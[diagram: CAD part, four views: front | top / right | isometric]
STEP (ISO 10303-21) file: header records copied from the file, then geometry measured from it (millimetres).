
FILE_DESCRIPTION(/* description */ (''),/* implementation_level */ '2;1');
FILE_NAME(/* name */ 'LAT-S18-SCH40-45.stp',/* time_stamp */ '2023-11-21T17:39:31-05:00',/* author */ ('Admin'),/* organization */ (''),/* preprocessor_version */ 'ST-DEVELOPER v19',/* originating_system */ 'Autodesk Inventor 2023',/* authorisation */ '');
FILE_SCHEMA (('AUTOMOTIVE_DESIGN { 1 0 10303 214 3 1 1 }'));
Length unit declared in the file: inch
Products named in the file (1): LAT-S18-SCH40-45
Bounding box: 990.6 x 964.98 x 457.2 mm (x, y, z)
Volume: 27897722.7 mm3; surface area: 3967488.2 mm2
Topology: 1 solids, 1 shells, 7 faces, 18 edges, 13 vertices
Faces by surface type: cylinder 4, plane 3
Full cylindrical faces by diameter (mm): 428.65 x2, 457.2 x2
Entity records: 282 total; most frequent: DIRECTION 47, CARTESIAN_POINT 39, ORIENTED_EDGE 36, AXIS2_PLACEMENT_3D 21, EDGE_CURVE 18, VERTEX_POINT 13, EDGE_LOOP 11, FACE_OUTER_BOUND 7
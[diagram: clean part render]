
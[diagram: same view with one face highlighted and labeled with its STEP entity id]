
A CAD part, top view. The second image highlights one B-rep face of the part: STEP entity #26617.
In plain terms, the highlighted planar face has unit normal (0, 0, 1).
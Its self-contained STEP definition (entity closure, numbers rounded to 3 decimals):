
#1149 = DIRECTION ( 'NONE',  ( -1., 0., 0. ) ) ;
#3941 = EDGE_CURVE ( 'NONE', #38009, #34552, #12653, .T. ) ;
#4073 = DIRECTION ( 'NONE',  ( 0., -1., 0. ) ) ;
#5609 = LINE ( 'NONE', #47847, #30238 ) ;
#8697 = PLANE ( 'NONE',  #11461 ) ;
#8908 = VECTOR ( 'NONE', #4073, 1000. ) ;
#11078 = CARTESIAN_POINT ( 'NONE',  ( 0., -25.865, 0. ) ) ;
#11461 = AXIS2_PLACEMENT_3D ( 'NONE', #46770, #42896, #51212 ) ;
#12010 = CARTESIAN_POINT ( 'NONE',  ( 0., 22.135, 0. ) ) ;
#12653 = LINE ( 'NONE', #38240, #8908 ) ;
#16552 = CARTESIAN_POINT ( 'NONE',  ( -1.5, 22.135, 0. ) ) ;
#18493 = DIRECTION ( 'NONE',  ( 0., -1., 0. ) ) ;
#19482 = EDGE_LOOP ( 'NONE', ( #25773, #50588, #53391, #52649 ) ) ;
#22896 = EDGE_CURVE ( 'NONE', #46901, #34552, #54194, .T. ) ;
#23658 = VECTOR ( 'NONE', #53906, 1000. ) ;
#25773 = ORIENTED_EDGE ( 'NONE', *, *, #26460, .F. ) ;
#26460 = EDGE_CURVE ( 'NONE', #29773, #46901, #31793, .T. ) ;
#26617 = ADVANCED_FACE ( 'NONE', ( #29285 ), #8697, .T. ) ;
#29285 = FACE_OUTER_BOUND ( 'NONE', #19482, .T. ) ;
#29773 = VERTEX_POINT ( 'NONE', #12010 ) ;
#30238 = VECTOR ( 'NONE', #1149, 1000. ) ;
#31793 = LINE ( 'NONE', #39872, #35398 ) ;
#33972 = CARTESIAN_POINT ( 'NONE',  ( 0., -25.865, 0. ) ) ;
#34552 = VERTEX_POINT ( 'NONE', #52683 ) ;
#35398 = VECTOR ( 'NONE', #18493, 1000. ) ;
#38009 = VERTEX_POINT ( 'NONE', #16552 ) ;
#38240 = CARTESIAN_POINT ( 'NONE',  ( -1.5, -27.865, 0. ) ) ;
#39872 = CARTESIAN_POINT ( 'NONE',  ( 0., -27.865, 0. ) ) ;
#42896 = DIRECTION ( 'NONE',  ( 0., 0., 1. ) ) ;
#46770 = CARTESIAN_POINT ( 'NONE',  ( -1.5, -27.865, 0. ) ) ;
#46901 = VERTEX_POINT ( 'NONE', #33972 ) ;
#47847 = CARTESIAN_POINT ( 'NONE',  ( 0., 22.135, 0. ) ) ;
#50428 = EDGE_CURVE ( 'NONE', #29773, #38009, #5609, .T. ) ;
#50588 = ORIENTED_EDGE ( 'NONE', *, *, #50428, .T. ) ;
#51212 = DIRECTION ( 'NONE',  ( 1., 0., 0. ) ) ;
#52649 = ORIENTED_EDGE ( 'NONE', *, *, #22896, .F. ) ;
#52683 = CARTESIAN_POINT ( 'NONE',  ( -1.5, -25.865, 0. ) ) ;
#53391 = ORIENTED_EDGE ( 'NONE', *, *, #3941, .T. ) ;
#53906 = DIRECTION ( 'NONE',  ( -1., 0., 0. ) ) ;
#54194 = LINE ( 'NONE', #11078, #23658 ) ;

__WORK INSTRUCTION__:
Every line above should be transcribed exactly.

__EXERCISE RESPONSE__:
[diagram: CAD part, four views: front | top / right | isometric]
STEP (ISO 10303-21) file: header records copied from the file, then geometry measured from it (millimetres).
FILE_DESCRIPTION(/* description */ (''),/* implementation_level */ '2;1');
FILE_NAME(/* name */ 'LAT-S18-SCH40-45.stp',/* time_stamp */ '2023-11-21T17:39:31-05:00',/* author */ ('Admin'),/* organization */ (''),/* preprocessor_version */ 'ST-DEVELOPER v19',/* originating_system */ 'Autodesk Inventor 2023',/* authorisation */ '');
FILE_SCHEMA (('AUTOMOTIVE_DESIGN { 1 0 10303 214 3 1 1 }'));
Length unit declared in the file: inch
Products named in the file (1): LAT-S18-SCH40-45
Bounding box: 990.6 x 964.98 x 457.2 mm (x, y, z)
Volume: 27897722.7 mm3; surface area: 3967488.2 mm2
Topology: 1 solids, 1 shells, 7 faces, 18 edges, 13 vertices
Faces by surface type: cylinder 4, plane 3
Full cylindrical faces by diameter (mm): 428.65 x2, 457.2 x2
Entity records: 282 total; most frequent: DIRECTION 47, CARTESIAN_POINT 39, ORIENTED_EDGE 36, AXIS2_PLACEMENT_3D 21, EDGE_CURVE 18, VERTEX_POINT 13, EDGE_LOOP 11, FACE_OUTER_BOUND 7
[diagram: clean part render]
[diagram: same view with one face highlighted and labeled with its STEP entity id]
A CAD part, top view. The second image highlights one B-rep face of the part: STEP entity #26617.
In plain terms, the highlighted planar face has unit normal (0, 0, 1).
Its self-contained STEP definition (entity closure, numbers rounded to 3 decimals):
#1149 = DIRECTION ( 'NONE',  ( -1., 0., 0. ) ) ;
#3941 = EDGE_CURVE ( 'NONE', #38009, #34552, #12653, .T. ) ;
#4073 = DIRECTION ( 'NONE',  ( 0., -1., 0. ) ) ;
#5609 = LINE ( 'NONE', #47847, #30238 ) ;
#8697 = PLANE ( 'NONE',  #11461 ) ;
#8908 = VECTOR ( 'NONE', #4073, 1000. ) ;
#11078 = CARTESIAN_POINT ( 'NONE',  ( 0., -25.865, 0. ) ) ;
#11461 = AXIS2_PLACEMENT_3D ( 'NONE', #46770, #42896, #51212 ) ;
#12010 = CARTESIAN_POINT ( 'NONE',  ( 0., 22.135, 0. ) ) ;
#12653 = LINE ( 'NONE', #38240, #8908 ) ;
#16552 = CARTESIAN_POINT ( 'NONE',  ( -1.5, 22.135, 0. ) ) ;
#18493 = DIRECTION ( 'NONE',  ( 0., -1., 0. ) ) ;
#19482 = EDGE_LOOP ( 'NONE', ( #25773, #50588, #53391, #52649 ) ) ;
#22896 = EDGE_CURVE ( 'NONE', #46901, #34552, #54194, .T. ) ;
#23658 = VECTOR ( 'NONE', #53906, 1000. ) ;
#25773 = ORIENTED_EDGE ( 'NONE', *, *, #26460, .F. ) ;
#26460 = EDGE_CURVE ( 'NONE', #29773, #46901, #31793, .T. ) ;
#26617 = ADVANCED_FACE ( 'NONE', ( #29285 ), #8697, .T. ) ;
#29285 = FACE_OUTER_BOUND ( 'NONE', #19482, .T. ) ;
#29773 = VERTEX_POINT ( 'NONE', #12010 ) ;
#30238 = VECTOR ( 'NONE', #1149, 1000. ) ;
#31793 = LINE ( 'NONE', #39872, #35398 ) ;
#33972 = CARTESIAN_POINT ( 'NONE',  ( 0., -25.865, 0. ) ) ;
#34552 = VERTEX_POINT ( 'NONE', #52683 ) ;
#35398 = VECTOR ( 'NONE', #18493, 1000. ) ;
#38009 = VERTEX_POINT ( 'NONE', #16552 ) ;
#38240 = CARTESIAN_POINT ( 'NONE',  ( -1.5, -27.865, 0. ) ) ;
#39872 = CARTESIAN_POINT ( 'NONE',  ( 0., -27.865, 0. ) ) ;
#42896 = DIRECTION ( 'NONE',  ( 0., 0., 1. ) ) ;
#46770 = CARTESIAN_POINT ( 'NONE',  ( -1.5, -27.865, 0. ) ) ;
#46901 = VERTEX_POINT ( 'NONE', #33972 ) ;
#47847 = CARTESIAN_POINT ( 'NONE',  ( 0., 22.135, 0. ) ) ;
#50428 = EDGE_CURVE ( 'NONE', #29773, #38009, #5609, .T. ) ;
#50588 = ORIENTED_EDGE ( 'NONE', *, *, #50428, .T. ) ;
#51212 = DIRECTION ( 'NONE',  ( 1., 0., 0. ) ) ;
#52649 = ORIENTED_EDGE ( 'NONE', *, *, #22896, .F. ) ;
#52683 = CARTESIAN_POINT ( 'NONE',  ( -1.5, -25.865, 0. ) ) ;
#53391 = ORIENTED_EDGE ( 'NONE', *, *, #3941, .T. ) ;
#53906 = DIRECTION ( 'NONE',  ( -1., 0., 0. ) ) ;
#54194 = LINE ( 'NONE', #11078, #23658 ) ;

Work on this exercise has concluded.